Coordination africaine en vue de l’OMC
En marge du forum, Marrakech a également accueilli une réunion ministérielle africaine consacrée à la préparation de la 14e Conférence ministérielle de l’Organisation mondiale du commerce, prévue en mars 2026 à Yaoundé. Présidée par le Maroc et modérée par le Mozambique, cette réunion a rassemblé seize ministres et plus de trente délégations africaines.
L’objectif était de consolider une position africaine commune sur les grands dossiers commerciaux multilatéraux, à partir du document de référence récemment publié par le Groupe africain à l’OMC. Les participants ont réaffirmé leur attachement à un système commercial multilatéral ouvert, juste, inclusif et fondé sur des règles.
Défendre les priorités africaines sur la scène mondiale
Parmi les points clés évoqués figurent la préservation du traitement spécial et différencié pour les pays en développement et les pays les moins avancés, ainsi que la nécessité de dépasser les mesures commerciales restrictives et unilatérales. La réforme de l’OMC a également été abordée, avec un accent mis sur le développement, la transparence et le maintien d’un mécanisme efficace de règlement des différends.
Les discussions ont révélé une convergence sur des thématiques prioritaires pour l’Afrique, telles que l’agriculture et la sécurité alimentaire, les subventions à la pêche, le commerce des services et le commerce électronique.
Le Maroc, facilitateur et fédérateur
Dans une déclaration, le Secrétaire d’État chargé du Commerce extérieur, Omar Hejira, a souligné que la tenue de cette réunion au Maroc illustre les efforts du Royaume pour unifier les visions africaines et renforcer la coopération Sud-Sud. Il a mis en avant l’importance accordée à la préparation de la Conférence de Yaoundé, ainsi qu’aux réformes du système commercial mondial.
De son côté, le ministre égyptien de l’Investissement et du Commerce extérieur, Hassan El Khatib, a insisté sur le rôle des États dans la facilitation de l’activité du secteur privé.
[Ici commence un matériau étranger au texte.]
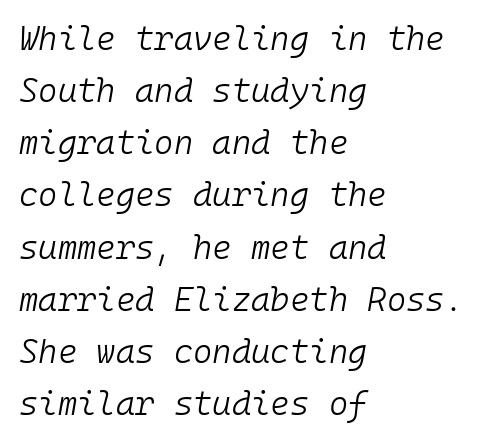
The image shows 33 px light type, italic (leaning right), monospaced; set left-aligned, normal line spacing (1.58x), normal letter spacing, not underlined; low stroke contrast and a medium x-height.
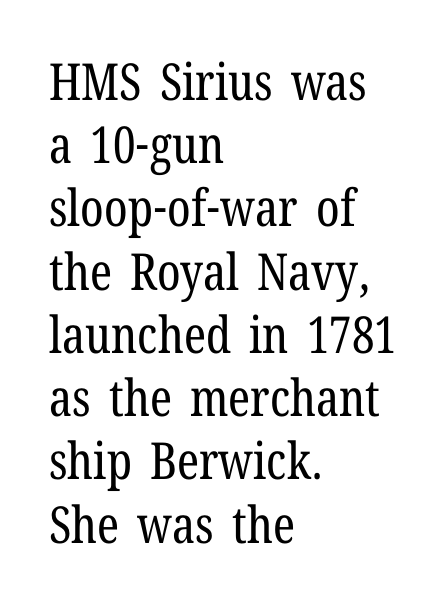
Where is the straight margin? On the left. The face used here is proportionally spaced, like ordinary book or web type. Each word holds together tightly as a unit, with standard inter-letter gaps. The type sits square on the baseline with zero lean. Anything drawn beneath the words? Only blank space.
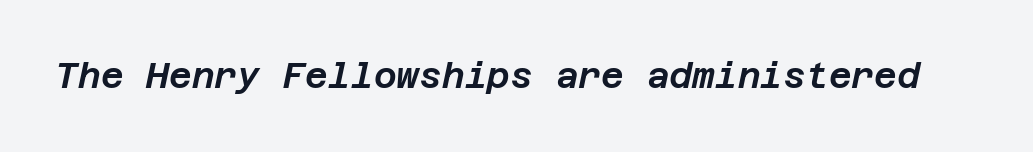
Q: Is the text italic (slanted)? A: Yes, it leans right by about 12 degrees.
Q: Is the text underlined? A: No.
Q: Is the spacing between letters normal or unusually wide? A: Normal.
Q: Width (condensed, normal, or wide)? A: Normal.
Q: Stroke contrast? A: Low.
Q: x-height? A: Large.

Il a salué la dynamique des échanges entre l’Égypte et le Maroc, notamment dans le secteur automobile, et exprimé la volonté de lever les obstacles entravant le commerce bilatéral.
Vers une ZLECAF opérationnelle et transformatrice
Au terme de cette deuxième édition, le Forum d’Affaires de la ZLECAF a confirmé que l’enjeu n’est plus celui de l’adhésion politique, mais de la mise en œuvre effective. À Marrakech, l’Afrique a esquissé les contours d’une intégration économique progressive, fondée sur des projets concrets, des infrastructures partagées et une coordination renforcée.